La mostra espositiva a cura di Nicholas Tolosa
L’arte colora la città: la mostra diffusa di Nicholas Tolosa invade la città partenopea. Il 20 marzo alle ore 17:30 inaugura a Napoli Volti Maggiori, progetto espositivo dell’artista Nicholas Tolosa, a cura di Roberto Sottile, che segna l’apertura dello spazio indipendentePiano Alto, situato nel quartiere Miano.

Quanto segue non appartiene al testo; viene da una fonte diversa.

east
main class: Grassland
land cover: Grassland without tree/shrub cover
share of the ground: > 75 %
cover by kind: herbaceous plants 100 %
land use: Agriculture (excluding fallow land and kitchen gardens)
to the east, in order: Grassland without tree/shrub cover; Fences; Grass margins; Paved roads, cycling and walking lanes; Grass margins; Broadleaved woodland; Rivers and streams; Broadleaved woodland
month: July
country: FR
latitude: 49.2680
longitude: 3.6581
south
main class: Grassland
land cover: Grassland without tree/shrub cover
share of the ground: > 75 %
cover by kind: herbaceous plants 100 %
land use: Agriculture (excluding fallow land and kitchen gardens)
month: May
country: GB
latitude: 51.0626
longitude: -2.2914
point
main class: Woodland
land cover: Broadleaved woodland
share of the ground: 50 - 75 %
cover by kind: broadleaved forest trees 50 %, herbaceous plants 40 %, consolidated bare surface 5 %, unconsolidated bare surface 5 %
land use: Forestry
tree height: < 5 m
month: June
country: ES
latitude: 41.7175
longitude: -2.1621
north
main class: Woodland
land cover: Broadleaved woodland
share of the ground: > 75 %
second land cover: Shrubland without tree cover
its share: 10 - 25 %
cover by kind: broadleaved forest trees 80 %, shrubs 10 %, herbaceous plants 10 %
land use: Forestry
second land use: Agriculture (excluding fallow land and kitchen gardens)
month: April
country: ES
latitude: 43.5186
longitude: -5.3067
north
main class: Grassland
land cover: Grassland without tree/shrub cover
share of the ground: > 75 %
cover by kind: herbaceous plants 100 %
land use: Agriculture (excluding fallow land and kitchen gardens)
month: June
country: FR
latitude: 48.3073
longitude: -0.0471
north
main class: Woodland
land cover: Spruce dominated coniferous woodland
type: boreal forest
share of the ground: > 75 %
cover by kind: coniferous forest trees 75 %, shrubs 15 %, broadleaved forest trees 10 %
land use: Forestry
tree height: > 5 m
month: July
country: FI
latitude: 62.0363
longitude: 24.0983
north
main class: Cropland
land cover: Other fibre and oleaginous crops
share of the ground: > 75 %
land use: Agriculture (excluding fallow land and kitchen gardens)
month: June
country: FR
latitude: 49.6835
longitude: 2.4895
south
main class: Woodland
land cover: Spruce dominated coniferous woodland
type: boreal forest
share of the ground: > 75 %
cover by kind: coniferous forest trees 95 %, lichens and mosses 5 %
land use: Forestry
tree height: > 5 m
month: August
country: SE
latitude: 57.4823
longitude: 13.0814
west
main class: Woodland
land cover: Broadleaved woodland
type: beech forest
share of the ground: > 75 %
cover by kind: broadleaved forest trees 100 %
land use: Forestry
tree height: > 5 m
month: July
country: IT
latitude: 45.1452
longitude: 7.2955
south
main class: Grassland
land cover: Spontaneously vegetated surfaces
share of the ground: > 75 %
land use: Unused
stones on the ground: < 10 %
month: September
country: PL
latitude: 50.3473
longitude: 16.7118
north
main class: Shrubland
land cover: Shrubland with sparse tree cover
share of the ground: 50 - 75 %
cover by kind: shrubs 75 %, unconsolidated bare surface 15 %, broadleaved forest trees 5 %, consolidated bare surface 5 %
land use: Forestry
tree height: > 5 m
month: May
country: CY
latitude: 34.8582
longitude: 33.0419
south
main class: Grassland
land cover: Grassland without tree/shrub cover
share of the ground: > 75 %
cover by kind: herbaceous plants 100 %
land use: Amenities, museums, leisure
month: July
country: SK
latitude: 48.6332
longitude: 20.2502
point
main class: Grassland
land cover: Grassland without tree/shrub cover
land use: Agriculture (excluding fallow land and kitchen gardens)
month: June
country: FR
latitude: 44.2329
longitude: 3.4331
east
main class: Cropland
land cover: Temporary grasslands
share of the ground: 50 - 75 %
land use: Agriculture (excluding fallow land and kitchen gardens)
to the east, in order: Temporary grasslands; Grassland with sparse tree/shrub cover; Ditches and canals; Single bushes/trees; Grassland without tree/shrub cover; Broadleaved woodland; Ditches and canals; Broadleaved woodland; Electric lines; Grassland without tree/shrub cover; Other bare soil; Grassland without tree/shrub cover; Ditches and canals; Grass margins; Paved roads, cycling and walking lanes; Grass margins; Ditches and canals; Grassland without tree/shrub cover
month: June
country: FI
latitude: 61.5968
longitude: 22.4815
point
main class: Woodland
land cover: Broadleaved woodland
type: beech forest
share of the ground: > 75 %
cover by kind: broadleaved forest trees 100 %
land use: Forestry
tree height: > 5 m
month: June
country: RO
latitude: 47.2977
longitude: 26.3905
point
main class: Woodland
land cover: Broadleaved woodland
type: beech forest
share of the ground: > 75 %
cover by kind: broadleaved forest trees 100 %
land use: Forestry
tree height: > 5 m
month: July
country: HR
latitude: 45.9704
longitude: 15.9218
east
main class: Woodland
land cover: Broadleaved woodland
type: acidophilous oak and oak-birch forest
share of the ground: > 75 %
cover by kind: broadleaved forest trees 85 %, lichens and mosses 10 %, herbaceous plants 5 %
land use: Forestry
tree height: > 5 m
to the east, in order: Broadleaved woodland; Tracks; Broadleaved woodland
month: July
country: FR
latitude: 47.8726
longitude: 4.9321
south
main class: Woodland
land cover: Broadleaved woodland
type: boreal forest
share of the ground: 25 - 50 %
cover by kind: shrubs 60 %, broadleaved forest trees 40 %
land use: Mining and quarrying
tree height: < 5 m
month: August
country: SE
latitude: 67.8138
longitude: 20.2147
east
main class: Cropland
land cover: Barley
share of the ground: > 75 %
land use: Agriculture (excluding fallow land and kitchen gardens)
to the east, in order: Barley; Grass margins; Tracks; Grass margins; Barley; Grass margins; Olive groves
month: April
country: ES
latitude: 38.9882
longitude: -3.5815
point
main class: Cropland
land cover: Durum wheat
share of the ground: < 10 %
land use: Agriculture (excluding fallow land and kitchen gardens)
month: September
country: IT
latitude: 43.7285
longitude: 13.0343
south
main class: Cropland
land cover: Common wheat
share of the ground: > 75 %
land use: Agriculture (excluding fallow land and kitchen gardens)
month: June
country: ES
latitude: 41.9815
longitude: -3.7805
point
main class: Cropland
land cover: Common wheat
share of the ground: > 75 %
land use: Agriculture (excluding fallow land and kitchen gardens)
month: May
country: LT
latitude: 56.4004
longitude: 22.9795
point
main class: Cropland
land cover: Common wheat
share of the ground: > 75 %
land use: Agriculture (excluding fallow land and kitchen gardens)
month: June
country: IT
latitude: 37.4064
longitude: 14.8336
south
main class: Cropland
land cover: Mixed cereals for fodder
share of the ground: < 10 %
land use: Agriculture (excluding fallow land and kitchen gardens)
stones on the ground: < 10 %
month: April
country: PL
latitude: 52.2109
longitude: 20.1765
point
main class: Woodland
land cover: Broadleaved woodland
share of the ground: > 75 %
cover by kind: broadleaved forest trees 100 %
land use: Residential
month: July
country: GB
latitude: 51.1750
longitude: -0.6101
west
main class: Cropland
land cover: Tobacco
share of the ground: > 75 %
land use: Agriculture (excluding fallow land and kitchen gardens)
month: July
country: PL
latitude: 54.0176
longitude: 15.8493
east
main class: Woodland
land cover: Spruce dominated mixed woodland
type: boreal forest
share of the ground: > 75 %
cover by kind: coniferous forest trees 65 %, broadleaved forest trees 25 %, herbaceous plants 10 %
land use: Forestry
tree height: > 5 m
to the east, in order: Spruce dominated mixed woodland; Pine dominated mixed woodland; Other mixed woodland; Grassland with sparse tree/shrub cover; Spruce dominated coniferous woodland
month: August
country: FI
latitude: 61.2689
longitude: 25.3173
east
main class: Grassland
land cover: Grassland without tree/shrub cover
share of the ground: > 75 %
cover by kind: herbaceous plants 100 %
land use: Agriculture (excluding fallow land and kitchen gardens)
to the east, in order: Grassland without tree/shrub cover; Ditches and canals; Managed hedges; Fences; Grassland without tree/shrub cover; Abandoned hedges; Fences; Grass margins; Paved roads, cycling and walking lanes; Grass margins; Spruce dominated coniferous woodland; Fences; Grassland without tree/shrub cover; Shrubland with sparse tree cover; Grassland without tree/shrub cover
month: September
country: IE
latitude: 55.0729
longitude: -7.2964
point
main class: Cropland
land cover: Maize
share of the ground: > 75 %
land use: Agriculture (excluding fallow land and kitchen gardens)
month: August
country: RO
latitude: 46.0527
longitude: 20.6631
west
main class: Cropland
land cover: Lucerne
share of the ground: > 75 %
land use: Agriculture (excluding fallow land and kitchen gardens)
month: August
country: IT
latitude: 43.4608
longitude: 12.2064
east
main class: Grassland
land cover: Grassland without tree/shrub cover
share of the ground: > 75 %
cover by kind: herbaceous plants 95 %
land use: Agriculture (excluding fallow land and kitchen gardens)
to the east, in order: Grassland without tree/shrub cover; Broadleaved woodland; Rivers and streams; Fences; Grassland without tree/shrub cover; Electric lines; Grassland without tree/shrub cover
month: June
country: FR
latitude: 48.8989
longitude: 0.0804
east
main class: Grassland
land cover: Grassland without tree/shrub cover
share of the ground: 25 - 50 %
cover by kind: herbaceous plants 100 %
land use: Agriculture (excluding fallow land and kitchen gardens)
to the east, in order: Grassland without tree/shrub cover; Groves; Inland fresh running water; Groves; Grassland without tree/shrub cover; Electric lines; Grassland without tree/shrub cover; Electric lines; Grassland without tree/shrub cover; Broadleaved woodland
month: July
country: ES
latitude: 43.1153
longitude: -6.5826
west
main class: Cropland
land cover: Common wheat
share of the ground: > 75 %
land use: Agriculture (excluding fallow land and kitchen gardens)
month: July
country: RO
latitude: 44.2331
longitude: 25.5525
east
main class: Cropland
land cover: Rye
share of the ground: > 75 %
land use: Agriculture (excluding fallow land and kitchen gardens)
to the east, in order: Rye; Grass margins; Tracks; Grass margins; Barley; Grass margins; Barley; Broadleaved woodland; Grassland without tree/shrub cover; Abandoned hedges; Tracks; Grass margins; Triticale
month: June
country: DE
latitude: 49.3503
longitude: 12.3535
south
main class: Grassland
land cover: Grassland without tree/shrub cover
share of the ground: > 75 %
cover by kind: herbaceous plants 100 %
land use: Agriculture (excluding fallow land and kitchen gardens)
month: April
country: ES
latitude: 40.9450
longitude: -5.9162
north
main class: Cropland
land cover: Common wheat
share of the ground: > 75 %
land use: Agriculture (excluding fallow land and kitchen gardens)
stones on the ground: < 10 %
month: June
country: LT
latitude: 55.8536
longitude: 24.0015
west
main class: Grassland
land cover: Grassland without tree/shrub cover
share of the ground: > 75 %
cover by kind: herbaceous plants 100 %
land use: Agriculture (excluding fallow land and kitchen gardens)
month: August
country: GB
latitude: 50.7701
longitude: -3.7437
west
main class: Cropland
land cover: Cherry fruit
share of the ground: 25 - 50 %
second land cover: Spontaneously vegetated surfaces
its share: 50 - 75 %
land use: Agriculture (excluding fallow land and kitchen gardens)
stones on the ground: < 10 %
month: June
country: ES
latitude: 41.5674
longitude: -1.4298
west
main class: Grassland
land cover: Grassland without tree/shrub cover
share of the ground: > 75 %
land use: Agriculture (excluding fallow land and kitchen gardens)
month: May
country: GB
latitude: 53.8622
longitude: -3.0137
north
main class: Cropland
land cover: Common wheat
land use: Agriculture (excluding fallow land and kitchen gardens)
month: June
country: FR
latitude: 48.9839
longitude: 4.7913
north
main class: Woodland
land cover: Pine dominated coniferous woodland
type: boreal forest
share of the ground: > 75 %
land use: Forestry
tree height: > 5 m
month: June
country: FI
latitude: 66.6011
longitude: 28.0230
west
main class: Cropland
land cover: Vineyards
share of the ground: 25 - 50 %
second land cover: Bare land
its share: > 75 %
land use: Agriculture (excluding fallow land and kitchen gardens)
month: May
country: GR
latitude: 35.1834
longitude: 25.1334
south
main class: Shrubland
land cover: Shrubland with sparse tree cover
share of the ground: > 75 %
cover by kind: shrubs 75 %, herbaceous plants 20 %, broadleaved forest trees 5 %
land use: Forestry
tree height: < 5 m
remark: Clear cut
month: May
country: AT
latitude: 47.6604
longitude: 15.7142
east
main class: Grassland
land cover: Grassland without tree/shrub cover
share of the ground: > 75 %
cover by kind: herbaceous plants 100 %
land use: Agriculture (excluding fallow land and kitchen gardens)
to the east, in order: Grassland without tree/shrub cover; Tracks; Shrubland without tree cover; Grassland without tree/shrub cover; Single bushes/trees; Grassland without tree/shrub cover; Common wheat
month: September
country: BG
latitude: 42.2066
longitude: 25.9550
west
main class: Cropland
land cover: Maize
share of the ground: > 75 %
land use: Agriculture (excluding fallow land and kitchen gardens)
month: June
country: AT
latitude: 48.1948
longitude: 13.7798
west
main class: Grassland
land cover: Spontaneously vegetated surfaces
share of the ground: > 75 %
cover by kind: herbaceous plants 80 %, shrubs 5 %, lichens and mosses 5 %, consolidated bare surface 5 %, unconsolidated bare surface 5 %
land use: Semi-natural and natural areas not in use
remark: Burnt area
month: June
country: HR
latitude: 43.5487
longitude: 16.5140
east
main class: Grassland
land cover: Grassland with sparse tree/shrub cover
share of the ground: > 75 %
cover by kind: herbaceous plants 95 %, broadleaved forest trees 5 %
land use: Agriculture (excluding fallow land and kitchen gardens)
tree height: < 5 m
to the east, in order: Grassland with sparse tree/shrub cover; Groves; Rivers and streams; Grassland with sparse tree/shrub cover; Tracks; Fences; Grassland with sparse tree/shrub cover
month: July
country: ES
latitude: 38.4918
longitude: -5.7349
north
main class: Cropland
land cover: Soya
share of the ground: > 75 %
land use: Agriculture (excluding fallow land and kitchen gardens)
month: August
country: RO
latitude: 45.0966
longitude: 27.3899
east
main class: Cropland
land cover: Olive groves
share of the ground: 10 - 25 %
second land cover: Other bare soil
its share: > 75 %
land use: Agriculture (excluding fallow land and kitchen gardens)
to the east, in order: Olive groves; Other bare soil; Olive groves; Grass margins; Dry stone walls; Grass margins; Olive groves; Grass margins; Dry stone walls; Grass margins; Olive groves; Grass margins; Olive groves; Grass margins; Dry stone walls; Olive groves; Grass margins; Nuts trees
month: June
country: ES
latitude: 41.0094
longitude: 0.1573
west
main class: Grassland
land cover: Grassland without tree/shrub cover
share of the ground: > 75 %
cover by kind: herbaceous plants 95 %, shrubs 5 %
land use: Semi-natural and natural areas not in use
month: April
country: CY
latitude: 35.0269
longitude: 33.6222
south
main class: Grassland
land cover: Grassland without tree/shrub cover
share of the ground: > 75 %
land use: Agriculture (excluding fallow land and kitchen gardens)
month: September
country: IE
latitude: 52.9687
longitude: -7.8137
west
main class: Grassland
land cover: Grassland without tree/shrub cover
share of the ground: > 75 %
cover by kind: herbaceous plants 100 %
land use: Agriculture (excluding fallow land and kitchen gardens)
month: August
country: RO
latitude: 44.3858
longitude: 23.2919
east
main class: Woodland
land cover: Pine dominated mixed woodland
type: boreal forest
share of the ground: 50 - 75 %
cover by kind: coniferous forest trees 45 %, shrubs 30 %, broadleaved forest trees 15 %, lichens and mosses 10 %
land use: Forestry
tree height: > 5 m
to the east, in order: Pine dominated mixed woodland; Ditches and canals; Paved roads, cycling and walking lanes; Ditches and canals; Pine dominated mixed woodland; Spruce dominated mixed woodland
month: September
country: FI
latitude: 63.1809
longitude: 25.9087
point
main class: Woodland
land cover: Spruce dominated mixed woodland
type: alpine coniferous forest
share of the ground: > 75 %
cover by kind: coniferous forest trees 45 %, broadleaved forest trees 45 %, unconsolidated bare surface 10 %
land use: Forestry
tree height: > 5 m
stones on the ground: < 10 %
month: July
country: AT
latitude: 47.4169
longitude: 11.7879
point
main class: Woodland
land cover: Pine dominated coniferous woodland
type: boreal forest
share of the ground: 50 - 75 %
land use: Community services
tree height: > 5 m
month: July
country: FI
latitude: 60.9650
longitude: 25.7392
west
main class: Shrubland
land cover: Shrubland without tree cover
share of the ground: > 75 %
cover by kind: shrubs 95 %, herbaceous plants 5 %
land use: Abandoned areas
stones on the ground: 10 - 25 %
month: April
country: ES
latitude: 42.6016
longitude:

La mostra si configura come un progetto diffuso, articolato tra lo spazio espositivo di Piano Alto e una serie di interventi collocati in diversi punti della città, costruendo una rete di presenze artistiche che attraversa quartieri e contesti urbani differenti. Al centro del progetto si colloca Nafricapoli, ricerca pittorica sviluppata da Nicholas Tolosa negli ultimi anni, che prende forma attraverso una serie di maschere ispirate alla tradizione africana e reinterpretate come dispositivi simbolici capaci di mettere in relazione identità culturali differenti.
“L’obiettivo sotteso a Nafricapoli è ambizioso e profondamente attuale- Evidenzia il curatore Roberto Sottile– creare una fusione culturale che non sia assimilazione, bensì riconoscimento reciproco. In un contesto storico segnato da diffidenze e paure verso il “diverso”, Tolosa utilizza l’arte come spazio di confronto e di trasformazione. Le sue maschere non intimoriscono; al contrario, invitano lo spettatore a sostare nello sguardo dell’altro, a interrogarsi sulle proprie barriere interiori. La superficie pittorica diventa così un territorio simbolico in cui le identità si incontrano e si ridefiniscono, promuovendo integrazione e solidarietà. La scelta del titolo stesso, Nafricapoli, è significativa: una parola composta che unisce Napoli e Africa, evocando una geografia immaginaria ma possibile, una città-mondo in cui le culture dialogano senza gerarchie. In questa sintesi linguistica si riflette l’intero impianto concettuale del progetto: unire le radici meridionali con la potenza archetipica delle maschere africane, facendo della pittura uno strumento di inclusione e di riflessione critica” conclude.
Il progetto espositivo si articola in diversi nuclei curatoriali, presentati nello spazio esterno terrazzo di Piano Alto:
- Prosopon, a cura di Ivan D’Alberto
- Vesuvio, a cura di Massimiliano Bastardo
- Hippos, a cura di Enzo Battarra
- Olued Eze, a cura di Massimo Guastella
Parallelamente la mostra si estende in altri contesti urbani e istituzionali della città:
- Viale delle Galassie 1 – Istituto Sauro Errico Pascoli (Secondigliano), a cura di Enzo Battarra
- Via Nuova Agnano 30 – Istituto Artemisia Gentileschi (Bagnoli), a cura di Davide Sarchioni
- Via Hugo Pratt – Parco Corto Maltese (Scampia), a cura di Simona Gamberini
- Via Domenico Cirillo 61, a cura di Massimo Sgroi
Attraverso questa articolazione territoriale, Volti Maggiori si configura come un progetto che attraversa la città, mettendo in relazione arte contemporanea, spazio pubblico e comunità. L’inaugurazione rappresenta inoltre l’avvio delle attività di Piano Alto, spazio indipendente di ricerca dedicato all’arte contemporanea fondato da Nicholas Tolosa con la direzione artistica di Roberto Sottile, nato con l’obiettivo di sviluppare progetti espositivi e collaborazioni curatoriali in dialogo con il territorio.